Rencontre avec Armel Le Cleac'H
Rencontre avec Armel Le Cleac’H

Il est le vainqueur du dernier Vendée Globe en 2017, et plus récemment, la malheureuse victime d’un chavirage pendant la Route du Rhum. De la plus belle performance à la désillusion à bord du trimaran Banque Populaire, Armel Le Cléac’h enchaîne les courses et doit toujours se tenir prêt, physiquement et mentalement, pour braver les plus grands défis maritimes. Voici quelques explications sur son quotidien.

Quel est votre rythme d’entraînement par semaine ?

Mon rythme d’entraînement par semaine : 5 jours sur 7 à terre et en mer.

Quel(s) sport(s) pratiquez-vous régulièrement ?

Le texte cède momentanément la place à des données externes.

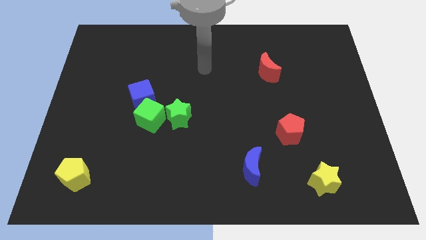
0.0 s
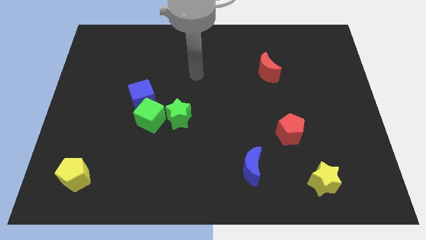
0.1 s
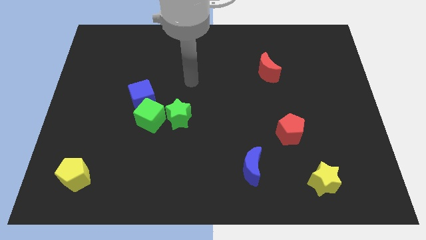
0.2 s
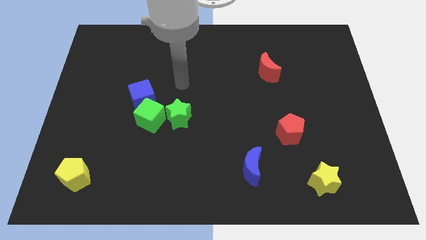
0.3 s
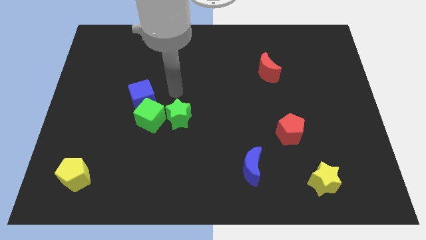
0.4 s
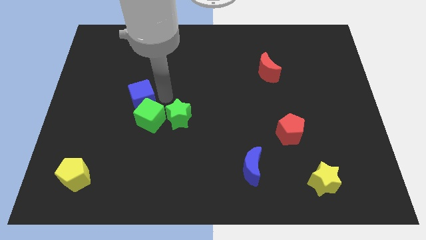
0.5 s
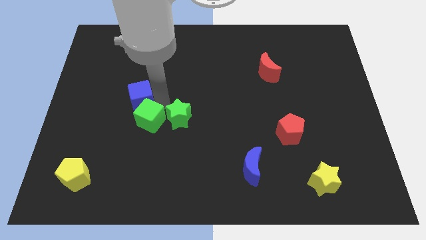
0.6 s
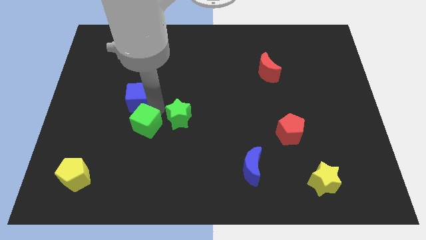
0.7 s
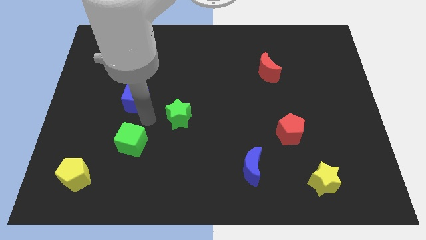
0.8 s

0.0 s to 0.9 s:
separate the blue cube from the green cube

La voile, bien sûr, mais aussi le golf. La gestuelle et la concentration de ce sport m’aident à mettre en place une routine. Sur un bateau, il faut également enchaîner les manœuvres avec un certain ordre, se mettre dans une bulle bien organisée. Le golf est un outil précieux pour cela.

Quelle importance accordez-vous à votre préparation physique ?

J’y accorde une très grande importance, c’est essentiel pour être performant dans la durée. Par exemple, pour la dernière Route du Rhum, j’ai travaillé sur un entraînement très spécifique qui commence plus d’un an à l’avance.

Faites-vous appel à un staff pour vous aider (coach, préparateur mental…) ?

Je n’ai pas de préparateur mental, j’ai un préparateur physique, Bernard Jaouen, qui m’aide beaucoup. Pour moi, le physique et le mental forment un tout, qui s’imbrique comme dans un puzzle avec des cases à cocher. À côté de cela, mon staff est le Team Banque Populaire, il est composé de 14 personnes qui m’aident au quotidien lors des entraînements et dans la préparation de nos bateaux.

Armel Le Cleac'H

Qu’y a-t-il de plus difficile à gérer dans votre préparation avant une course au large (Vendée Globe, Route du rhum…) ?

Réussir à faire que tous les éléments que nous préparons avec le Team Banque Populaire s’emboîtent bien les uns aux autres, que toutes les cases de ma « To-Do List » soient bien remplies avant le départ de la course. J’aime bien que tout s’enchaîne parce qu’au final, j’y gagne en tranquillité d’esprit. Il faut que lorsque je monte sur mon bateau, je sois le plus serein possible, les automatismes bien en place.

Quelles sont les aptitudes physiques nécessaires pour naviguer sur un bateau comme le trimaran Banque Populaire ?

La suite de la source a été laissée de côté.